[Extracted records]
──────────────────────────────

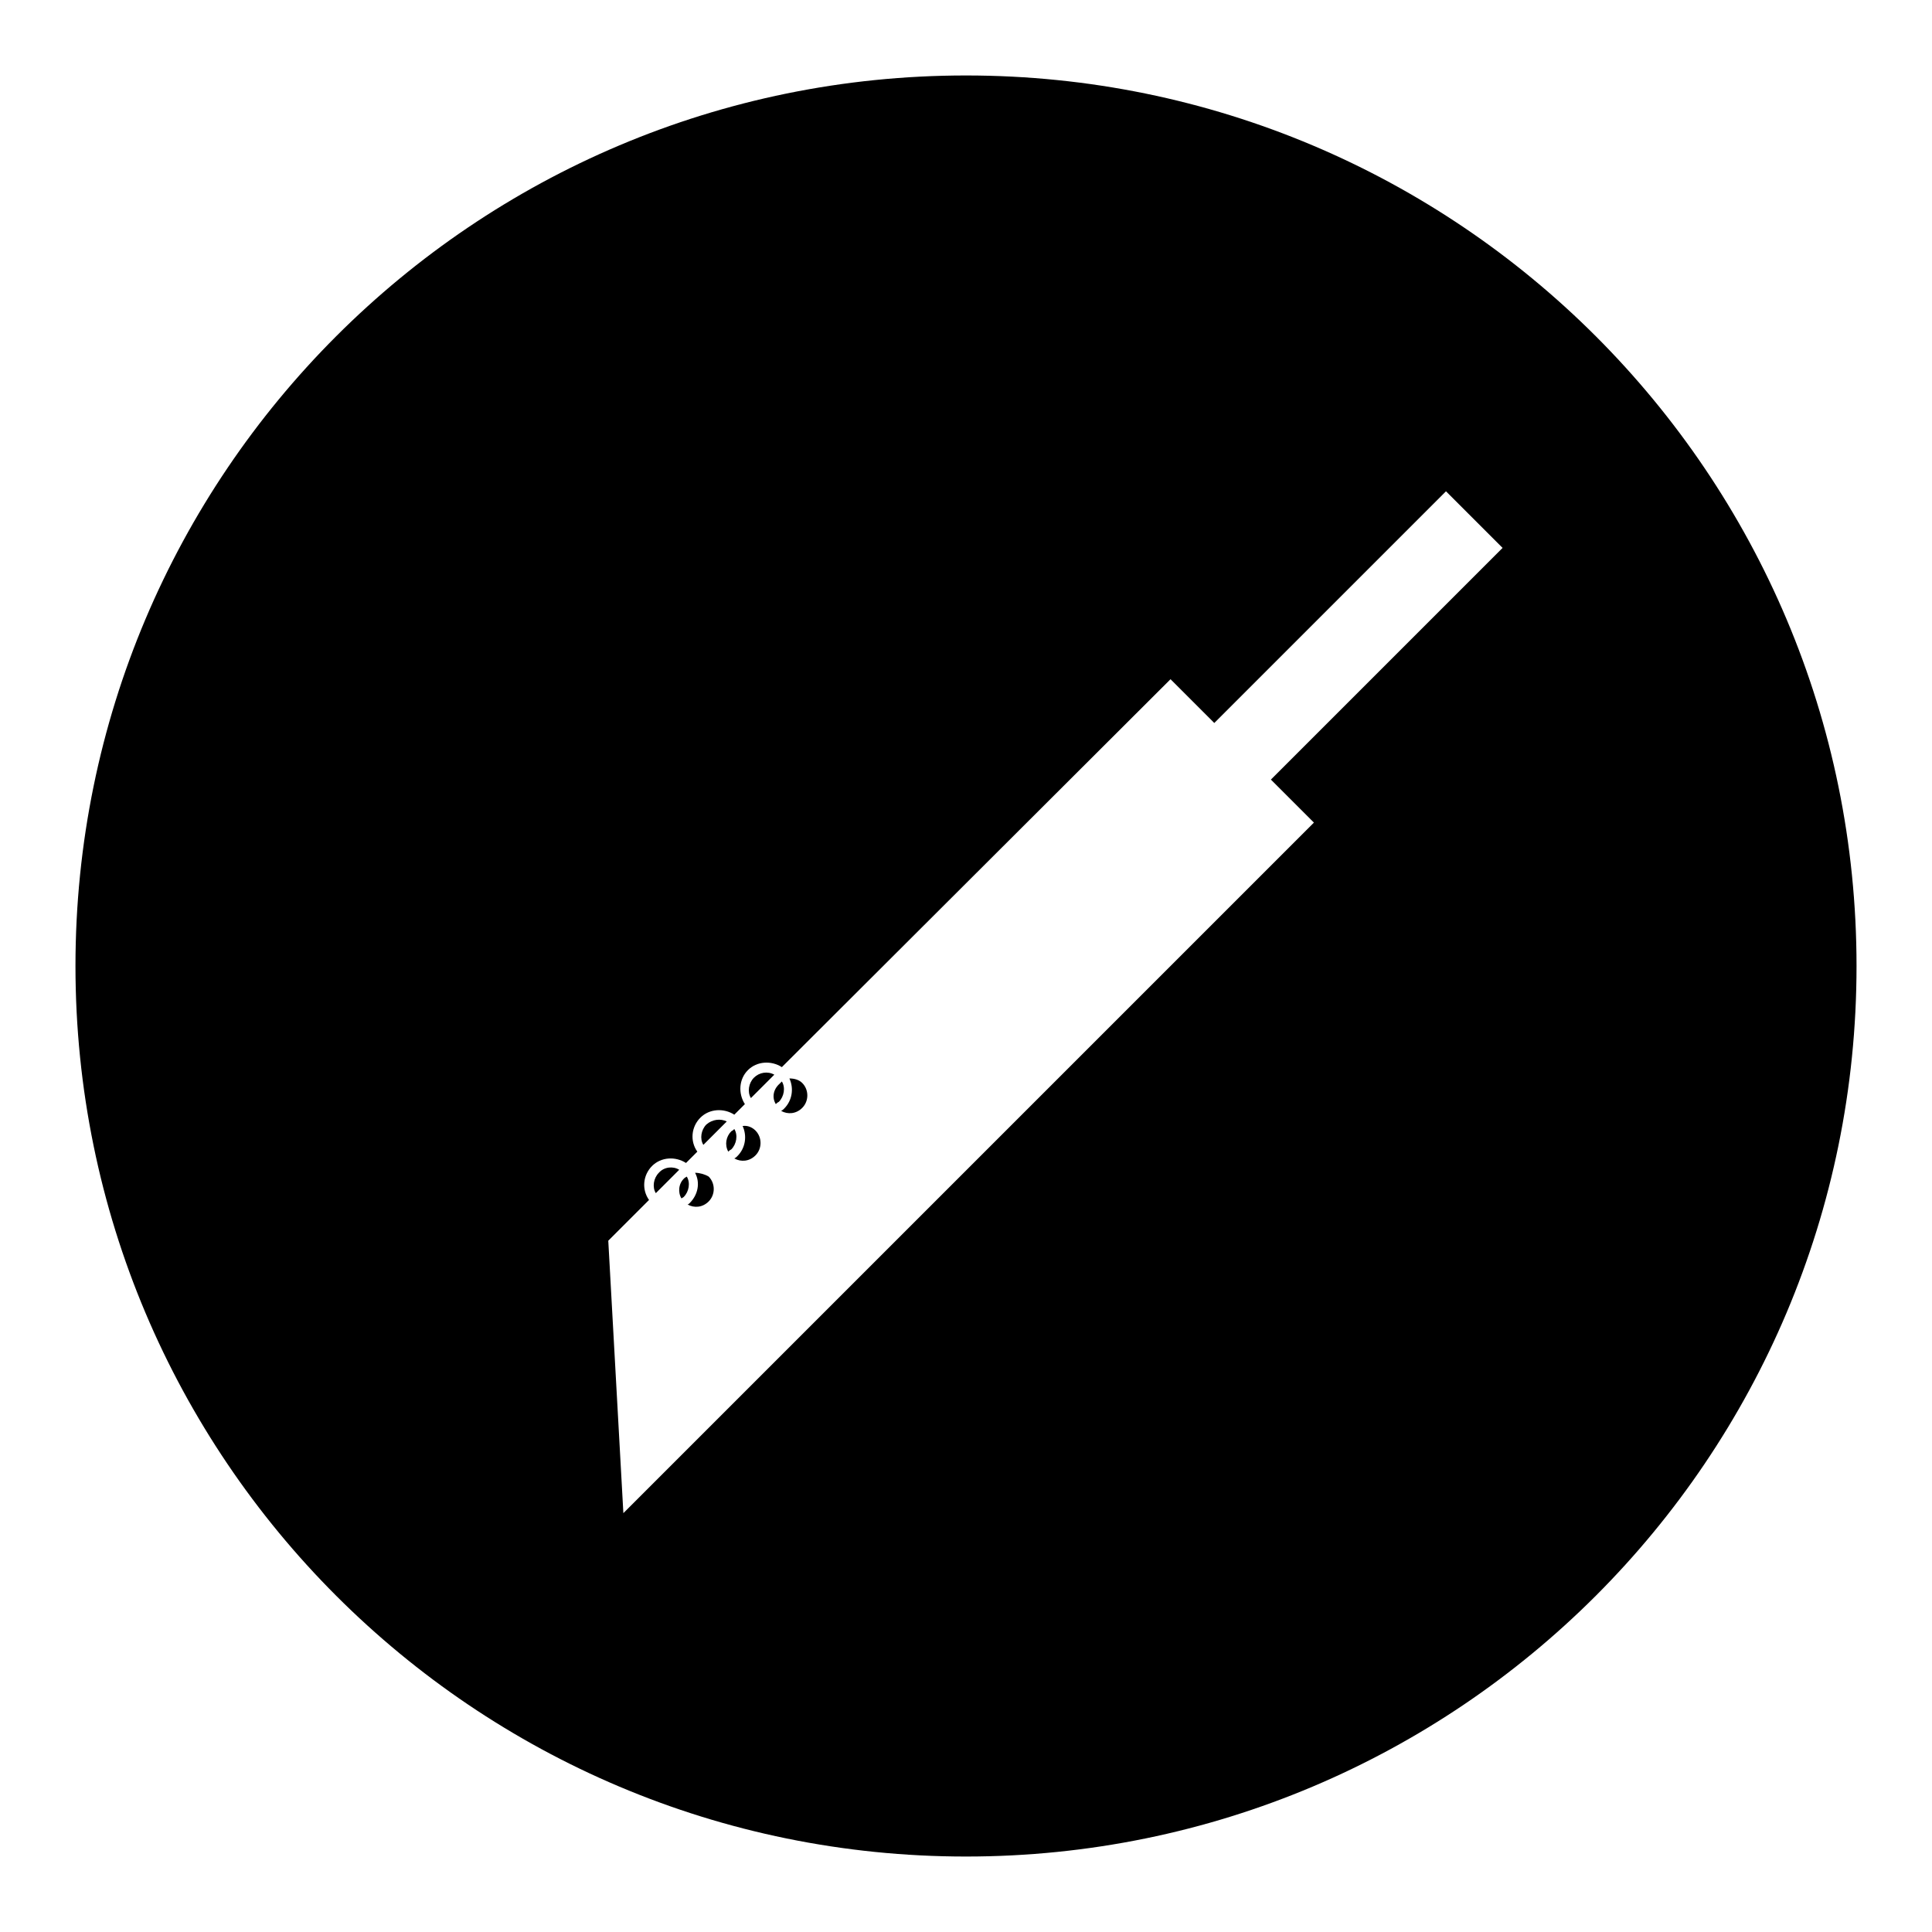<?xml version="1.0" encoding="utf-8"?>
<!-- Svg Vector Icons : http://www.onlinewebfonts.com/icon -->
<!DOCTYPE svg PUBLIC "-//W3C//DTD SVG 1.1//EN" "http://www.w3.org/Graphics/SVG/1.1/DTD/svg11.dtd">
<svg version="1.1" xmlns="http://www.w3.org/2000/svg" xmlns:xlink="http://www.w3.org/1999/xlink" x="0px" y="0px" viewBox="0 0 256 256" enable-background="new 0 0 256 256" xml:space="preserve">
<g><g><path fill="#000000" d="M93.6,149c-0.7,0.7-0.9,1.9-0.4,2.7l3.1-3.1C95.5,148.2,94.4,148.3,93.6,149z"/><path fill="#000000" d="M96.5,152.6c0.1-0.1,0.2-0.2,0.4-0.3c0.7-0.7,0.9-1.9,0.4-2.7c-0.1,0.1-0.2,0.2-0.4,0.3C96.2,150.6,96,151.7,96.5,152.6z"/><path fill="#000000" d="M90.3,158.8c0.1-0.1,0.2-0.1,0.3-0.2c0.7-0.7,0.9-1.9,0.4-2.7c-0.1,0.1-0.2,0.1-0.3,0.2C89.9,156.8,89.8,158,90.3,158.8z"/><path fill="#000000" d="M102.8,146.3c0.1-0.1,0.2-0.2,0.4-0.3c0.7-0.7,0.9-1.9,0.4-2.7c-0.1,0.1-0.2,0.2-0.3,0.3C102.4,144.4,102.3,145.5,102.8,146.3z"/><path fill="#000000" d="M99.9,142.8c-0.7,0.7-0.9,1.9-0.4,2.7l3.1-3.1C101.7,141.9,100.6,142.1,99.9,142.8z"/><path fill="#000000" d="M98.4,149.2c0.6,1.3,0.4,2.9-0.7,4c-0.1,0.1-0.2,0.2-0.4,0.3c0.9,0.5,2,0.4,2.8-0.4c0.9-0.9,0.9-2.4,0-3.3C99.7,149.4,99.1,149.1,98.4,149.2z"/><path fill="#000000" d="M87.3,155.4c-0.7,0.7-0.9,1.9-0.4,2.7L90,155C89.2,154.5,88,154.6,87.3,155.4z"/><path fill="#000000" d="M128,10C62.8,10,10,62.8,10,128c0,65.2,52.8,118,118,118c65.2,0,118-52.8,118-118C246,62.8,193.2,10,128,10z M174.1,109l-91.5,91.5l-2-36.1L86,159c-1-1.4-0.8-3.3,0.4-4.5c1.2-1.2,3.1-1.3,4.5-0.4l1.5-1.5c-1-1.4-0.8-3.3,0.4-4.5c1.2-1.2,3.1-1.3,4.5-0.4l1.4-1.4c-0.9-1.4-0.8-3.3,0.4-4.5c1.2-1.2,3.1-1.3,4.5-0.4L155.1,90l5.8,5.8l30.7-30.7l7.5,7.5l-30.7,30.7L174.1,109z"/><path fill="#000000" d="M104.6,142.9c0.6,1.3,0.4,2.9-0.7,4c-0.1,0.1-0.2,0.2-0.4,0.3c0.9,0.5,2,0.4,2.8-0.4c0.9-0.9,0.9-2.4,0-3.3C105.9,143.1,105.3,142.9,104.6,142.9z"/><path fill="#000000" d="M92.1,155.4c0.7,1.3,0.4,2.9-0.7,4c-0.1,0.1-0.2,0.2-0.3,0.2c0.9,0.5,2,0.4,2.8-0.4c0.9-0.9,0.9-2.4,0-3.3C93.4,155.6,92.7,155.4,92.1,155.4z"/></g></g>
</svg>

──────────────────────────────

• WORK ORDER: Which lines in the data above hold the string "http"? Return each of them.

• RESULT OF THE EXERCISE:
<!-- Svg Vector Icons : http://www.onlinewebfonts.com/icon -->
<!DOCTYPE svg PUBLIC "-//W3C//DTD SVG 1.1//EN" "http://www.w3.org/Graphics/SVG/1.1/DTD/svg11.dtd">
<svg version="1.1" xmlns="http://www.w3.org/2000/svg" xmlns:xlink="http://www.w3.org/1999/xlink" x="0px" y="0px" viewBox="0 0 256 256" enable-background="new 0 0 256 256" xml:space="preserve">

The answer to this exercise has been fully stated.